Start of The input

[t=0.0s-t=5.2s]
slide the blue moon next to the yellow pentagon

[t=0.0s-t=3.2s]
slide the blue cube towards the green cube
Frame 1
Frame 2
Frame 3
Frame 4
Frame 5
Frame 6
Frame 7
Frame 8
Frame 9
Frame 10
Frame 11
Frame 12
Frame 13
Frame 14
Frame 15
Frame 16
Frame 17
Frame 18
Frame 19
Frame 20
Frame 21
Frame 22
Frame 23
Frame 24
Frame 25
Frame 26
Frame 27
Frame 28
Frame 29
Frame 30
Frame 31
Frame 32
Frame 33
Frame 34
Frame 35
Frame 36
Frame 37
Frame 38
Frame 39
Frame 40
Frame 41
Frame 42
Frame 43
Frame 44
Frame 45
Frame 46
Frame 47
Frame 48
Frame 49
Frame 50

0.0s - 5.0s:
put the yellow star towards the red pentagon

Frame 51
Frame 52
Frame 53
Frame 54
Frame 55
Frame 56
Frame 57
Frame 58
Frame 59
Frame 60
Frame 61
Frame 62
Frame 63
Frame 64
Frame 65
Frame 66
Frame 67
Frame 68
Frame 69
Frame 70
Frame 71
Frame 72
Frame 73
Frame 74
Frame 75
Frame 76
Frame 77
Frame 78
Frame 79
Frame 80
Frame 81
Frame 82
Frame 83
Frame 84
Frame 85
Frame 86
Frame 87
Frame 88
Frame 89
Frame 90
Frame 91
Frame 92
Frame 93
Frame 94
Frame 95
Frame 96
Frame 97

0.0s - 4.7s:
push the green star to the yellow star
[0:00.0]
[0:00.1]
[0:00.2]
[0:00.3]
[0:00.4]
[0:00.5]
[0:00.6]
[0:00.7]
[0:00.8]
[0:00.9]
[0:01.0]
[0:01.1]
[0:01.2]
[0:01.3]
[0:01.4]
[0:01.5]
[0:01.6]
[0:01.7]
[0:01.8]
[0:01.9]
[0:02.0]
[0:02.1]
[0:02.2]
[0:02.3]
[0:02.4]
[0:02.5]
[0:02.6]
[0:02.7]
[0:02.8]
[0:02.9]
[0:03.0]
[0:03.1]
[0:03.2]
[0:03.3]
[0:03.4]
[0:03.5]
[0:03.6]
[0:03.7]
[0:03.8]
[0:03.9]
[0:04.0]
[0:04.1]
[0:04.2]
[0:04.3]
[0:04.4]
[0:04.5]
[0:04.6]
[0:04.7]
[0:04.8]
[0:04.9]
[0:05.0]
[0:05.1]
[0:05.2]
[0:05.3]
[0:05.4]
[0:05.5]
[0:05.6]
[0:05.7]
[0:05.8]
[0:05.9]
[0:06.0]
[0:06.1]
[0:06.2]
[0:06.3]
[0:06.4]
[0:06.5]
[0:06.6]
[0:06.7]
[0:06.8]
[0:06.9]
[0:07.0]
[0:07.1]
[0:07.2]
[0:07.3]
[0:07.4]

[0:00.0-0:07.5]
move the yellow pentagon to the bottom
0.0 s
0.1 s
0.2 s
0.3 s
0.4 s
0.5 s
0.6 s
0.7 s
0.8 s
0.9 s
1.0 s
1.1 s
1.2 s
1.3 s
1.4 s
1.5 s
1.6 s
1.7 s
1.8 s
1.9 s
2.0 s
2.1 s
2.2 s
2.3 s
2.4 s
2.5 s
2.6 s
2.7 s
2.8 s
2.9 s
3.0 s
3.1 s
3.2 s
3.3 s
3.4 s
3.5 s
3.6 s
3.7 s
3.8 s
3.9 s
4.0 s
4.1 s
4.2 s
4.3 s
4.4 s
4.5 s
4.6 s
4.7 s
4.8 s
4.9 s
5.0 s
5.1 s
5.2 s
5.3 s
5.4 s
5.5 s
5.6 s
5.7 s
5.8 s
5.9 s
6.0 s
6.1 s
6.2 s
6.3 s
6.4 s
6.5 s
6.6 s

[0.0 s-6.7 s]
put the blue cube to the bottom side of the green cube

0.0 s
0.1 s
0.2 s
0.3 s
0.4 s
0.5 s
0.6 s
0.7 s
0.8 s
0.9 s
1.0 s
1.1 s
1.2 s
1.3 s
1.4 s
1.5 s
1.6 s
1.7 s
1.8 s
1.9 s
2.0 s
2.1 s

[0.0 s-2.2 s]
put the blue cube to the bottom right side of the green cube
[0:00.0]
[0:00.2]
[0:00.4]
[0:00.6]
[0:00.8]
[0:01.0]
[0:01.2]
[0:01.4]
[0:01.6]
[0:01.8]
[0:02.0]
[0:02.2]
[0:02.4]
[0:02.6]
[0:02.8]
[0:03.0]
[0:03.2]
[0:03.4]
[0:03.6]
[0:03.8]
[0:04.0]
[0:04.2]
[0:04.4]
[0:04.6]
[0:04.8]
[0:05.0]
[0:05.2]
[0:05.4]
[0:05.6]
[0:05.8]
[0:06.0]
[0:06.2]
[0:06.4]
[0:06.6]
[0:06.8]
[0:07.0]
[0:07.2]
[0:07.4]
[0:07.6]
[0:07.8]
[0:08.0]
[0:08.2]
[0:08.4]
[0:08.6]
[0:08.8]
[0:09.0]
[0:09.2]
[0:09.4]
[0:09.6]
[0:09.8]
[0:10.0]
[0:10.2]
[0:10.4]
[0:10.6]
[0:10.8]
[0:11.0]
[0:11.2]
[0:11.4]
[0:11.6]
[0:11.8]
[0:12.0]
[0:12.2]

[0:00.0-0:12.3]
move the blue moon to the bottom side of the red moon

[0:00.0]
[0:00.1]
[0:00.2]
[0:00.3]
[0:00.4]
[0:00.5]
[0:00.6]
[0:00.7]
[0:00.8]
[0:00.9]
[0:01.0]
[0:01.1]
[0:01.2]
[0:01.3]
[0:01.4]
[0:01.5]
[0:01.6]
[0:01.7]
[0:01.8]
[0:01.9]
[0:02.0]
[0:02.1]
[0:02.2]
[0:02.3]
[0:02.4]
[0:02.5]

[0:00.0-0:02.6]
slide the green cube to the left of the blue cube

End of The input

Reproduce every entry, word for word.

* [Reply to the exercise]
[t=0.0s-t=5.2s]
slide the blue moon next to the yellow pentagon

[t=0.0s-t=3.2s]
slide the blue cube towards the green cube
Frame 1
Frame 2
Frame 3
Frame 4
Frame 5
Frame 6
Frame 7
Frame 8
Frame 9
Frame 10
Frame 11
Frame 12
Frame 13
Frame 14
Frame 15
Frame 16
Frame 17
Frame 18
Frame 19
Frame 20
Frame 21
Frame 22
Frame 23
Frame 24
Frame 25
Frame 26
Frame 27
Frame 28
Frame 29
Frame 30
Frame 31
Frame 32
Frame 33
Frame 34
Frame 35
Frame 36
Frame 37
Frame 38
Frame 39
Frame 40
Frame 41
Frame 42
Frame 43
Frame 44
Frame 45
Frame 46
Frame 47
Frame 48
Frame 49
Frame 50

0.0s - 5.0s:
put the yellow star towards the red pentagon

Frame 51
Frame 52
Frame 53
Frame 54
Frame 55
Frame 56
Frame 57
Frame 58
Frame 59
Frame 60
Frame 61
Frame 62
Frame 63
Frame 64
Frame 65
Frame 66
Frame 67
Frame 68
Frame 69
Frame 70
Frame 71
Frame 72
Frame 73
Frame 74
Frame 75
Frame 76
Frame 77
Frame 78
Frame 79
Frame 80
Frame 81
Frame 82
Frame 83
Frame 84
Frame 85
Frame 86
Frame 87
Frame 88
Frame 89
Frame 90
Frame 91
Frame 92
Frame 93
Frame 94
Frame 95
Frame 96
Frame 97

0.0s - 4.7s:
push the green star to the yellow star
[0:00.0]
[0:00.1]
[0:00.2]
[0:00.3]
[0:00.4]
[0:00.5]
[0:00.6]
[0:00.7]
[0:00.8]
[0:00.9]
[0:01.0]
[0:01.1]
[0:01.2]
[0:01.3]
[0:01.4]
[0:01.5]
[0:01.6]
[0:01.7]
[0:01.8]
[0:01.9]
[0:02.0]
[0:02.1]
[0:02.2]
[0:02.3]
[0:02.4]
[0:02.5]
[0:02.6]
[0:02.7]
[0:02.8]
[0:02.9]
[0:03.0]
[0:03.1]
[0:03.2]
[0:03.3]
[0:03.4]
[0:03.5]
[0:03.6]
[0:03.7]
[0:03.8]
[0:03.9]
[0:04.0]
[0:04.1]
[0:04.2]
[0:04.3]
[0:04.4]
[0:04.5]
[0:04.6]
[0:04.7]
[0:04.8]
[0:04.9]
[0:05.0]
[0:05.1]
[0:05.2]
[0:05.3]
[0:05.4]
[0:05.5]
[0:05.6]
[0:05.7]
[0:05.8]
[0:05.9]
[0:06.0]
[0:06.1]
[0:06.2]
[0:06.3]
[0:06.4]
[0:06.5]
[0:06.6]
[0:06.7]
[0:06.8]
[0:06.9]
[0:07.0]
[0:07.1]
[0:07.2]
[0:07.3]
[0:07.4]

[0:00.0-0:07.5]
move the yellow pentagon to the bottom
0.0 s
0.1 s
0.2 s
0.3 s
0.4 s
0.5 s
0.6 s
0.7 s
0.8 s
0.9 s
1.0 s
1.1 s
1.2 s
1.3 s
1.4 s
1.5 s
1.6 s
1.7 s
1.8 s
1.9 s
2.0 s
2.1 s
2.2 s
2.3 s
2.4 s
2.5 s
2.6 s
2.7 s
2.8 s
2.9 s
3.0 s
3.1 s
3.2 s
3.3 s
3.4 s
3.5 s
3.6 s
3.7 s
3.8 s
3.9 s
4.0 s
4.1 s
4.2 s
4.3 s
4.4 s
4.5 s
4.6 s
4.7 s
4.8 s
4.9 s
5.0 s
5.1 s
5.2 s
5.3 s
5.4 s
5.5 s
5.6 s
5.7 s
5.8 s
5.9 s
6.0 s
6.1 s
6.2 s
6.3 s
6.4 s
6.5 s
6.6 s

[0.0 s-6.7 s]
put the blue cube to the bottom side of the green cube

0.0 s
0.1 s
0.2 s
0.3 s
0.4 s
0.5 s
0.6 s
0.7 s
0.8 s
0.9 s
1.0 s
1.1 s
1.2 s
1.3 s
1.4 s
1.5 s
1.6 s
1.7 s
1.8 s
1.9 s
2.0 s
2.1 s

[0.0 s-2.2 s]
put the blue cube to the bottom right side of the green cube
[0:00.0]
[0:00.2]
[0:00.4]
[0:00.6]
[0:00.8]
[0:01.0]
[0:01.2]
[0:01.4]
[0:01.6]
[0:01.8]
[0:02.0]
[0:02.2]
[0:02.4]
[0:02.6]
[0:02.8]
[0:03.0]
[0:03.2]
[0:03.4]
[0:03.6]
[0:03.8]
[0:04.0]
[0:04.2]
[0:04.4]
[0:04.6]
[0:04.8]
[0:05.0]
[0:05.2]
[0:05.4]
[0:05.6]
[0:05.8]
[0:06.0]
[0:06.2]
[0:06.4]
[0:06.6]
[0:06.8]
[0:07.0]
[0:07.2]
[0:07.4]
[0:07.6]
[0:07.8]
[0:08.0]
[0:08.2]
[0:08.4]
[0:08.6]
[0:08.8]
[0:09.0]
[0:09.2]
[0:09.4]
[0:09.6]
[0:09.8]
[0:10.0]
[0:10.2]
[0:10.4]
[0:10.6]
[0:10.8]
[0:11.0]
[0:11.2]
[0:11.4]
[0:11.6]
[0:11.8]
[0:12.0]
[0:12.2]

[0:00.0-0:12.3]
move the blue moon to the bottom side of the red moon

[0:00.0]
[0:00.1]
[0:00.2]
[0:00.3]
[0:00.4]
[0:00.5]
[0:00.6]
[0:00.7]
[0:00.8]
[0:00.9]
[0:01.0]
[0:01.1]
[0:01.2]
[0:01.3]
[0:01.4]
[0:01.5]
[0:01.6]
[0:01.7]
[0:01.8]
[0:01.9]
[0:02.0]
[0:02.1]
[0:02.2]
[0:02.3]
[0:02.4]
[0:02.5]

[0:00.0-0:02.6]
slide the green cube to the left of the blue cube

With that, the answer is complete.